Nosten's charity, Border Health Foundation (BHF), is one of eight
organisations worldwide that have applied to distribute the shots
from the Humanitarian Buffer and one of three to be approved, Gavi
said.
Ann Burton, Chief of Public Health at the U.N. refugee agency UNHCR,
said the liability issue was one reason agencies have been slow to
apply. The programme has also been delayed by the general shortage
of vaccines and administrative hurdles.
Organisations applying for supplies from the buffer may not choose
which vaccines they receive. Working with displaced people, Nosten
said it would be more convenient to give them Johnson & Johnson's
vaccine, which offers protection after a single dose instead of the
two doses needed for Sinopharm's. But the Sinopharm
version will be "better than nothing," he said.
More than 100 national governments have promised to offer vaccines
where possible to all the displaced people on their soil, according
to the IOM. However, the U.N. group says migrants and refugees are
often effectively excluded from such schemes because of
administrative or cultural hurdles.
In cases where governments aren't in charge or have not agreed to
vaccinate migrants, COVAX's Humanitarian Buffer is the only option.
At least 40 countries have yet to include unauthorised migrants in
their vaccination programmes, according to the IOM – it and the
UNHCR declined to name the countries.
Gavi set up the buffer in March 2021, planning to reserve up to 5%
of vaccine doses as they become available to COVAX, which would
amount to roughly 70 million doses so far.

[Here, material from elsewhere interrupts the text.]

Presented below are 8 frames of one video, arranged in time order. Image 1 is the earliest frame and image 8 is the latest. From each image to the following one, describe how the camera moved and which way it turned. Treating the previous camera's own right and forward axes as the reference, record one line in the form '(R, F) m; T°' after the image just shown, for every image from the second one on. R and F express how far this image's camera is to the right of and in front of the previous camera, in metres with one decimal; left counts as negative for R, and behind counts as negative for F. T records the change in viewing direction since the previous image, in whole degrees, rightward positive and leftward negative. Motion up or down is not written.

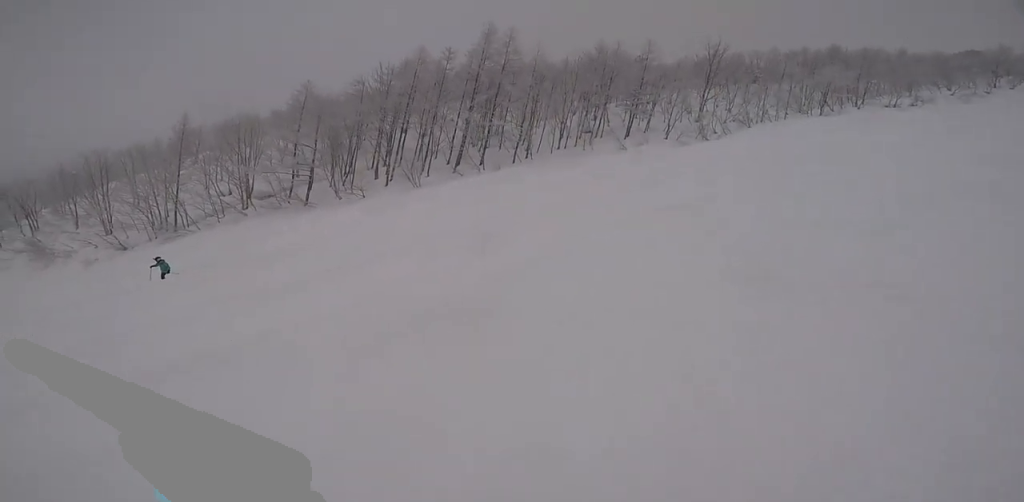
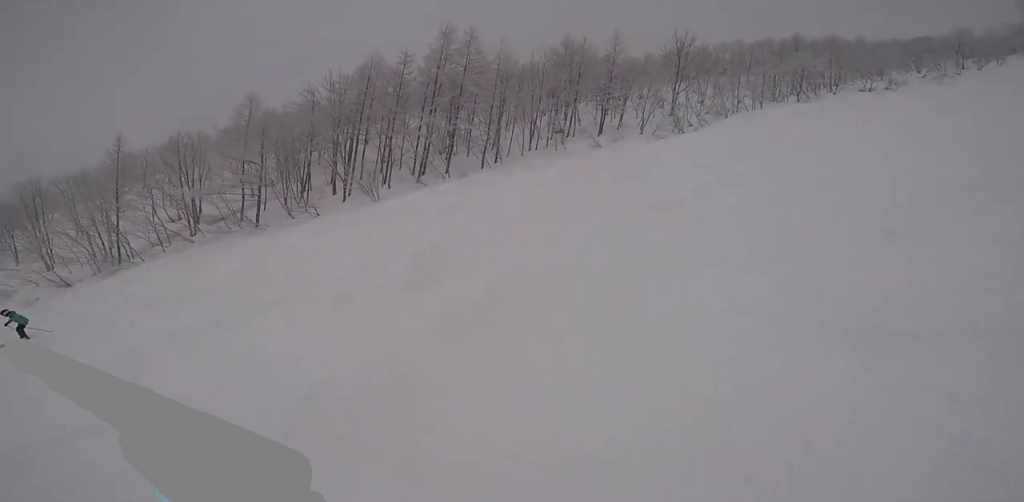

The only shots delivered from the buffer so far - just over 1.6
million Sinopharm doses – landed in Iran in November, where high
numbers of displaced Afghans have arrived, UNICEF Iran said. That's
enough to inoculate about 800,000 people; more will likely be
needed, UNICEF said.
NEED FOR SPEED
The vaccine makers' legal concern is rooted in the unprecedented
speed of the effort to develop the COVID shots, the EFPIA said.
In normal circumstances, drugmakers buy insurance to cover liability
for vaccines' potential adverse effects. But COVID forced them to
develop drugs so quickly that some side effects - for instance, a
rare blood-clotting condition in some of those who took the
AstraZeneca vaccine - are emerging as shots go into people's arms.
Many governments and international agencies have set up compensation
schemes to reimburse victims and avoid lengthy litigation. An
emergency law invoked by the U.S. government provides legal immunity
for drug companies for side effects from their COVID-19 vaccines
used in the country. The only exception is for instances of "wilful
misconduct."
For drug companies, accepting potential liability runs counter to
standard practice.
"Vaccine manufacturers try to minimize legal risks in almost every
setting," said John T. Monahan, Professor at Georgetown University.
"The gold standard is full immunity from lawsuits. If they accept
carve-outs, it may become more difficult to reach that goal."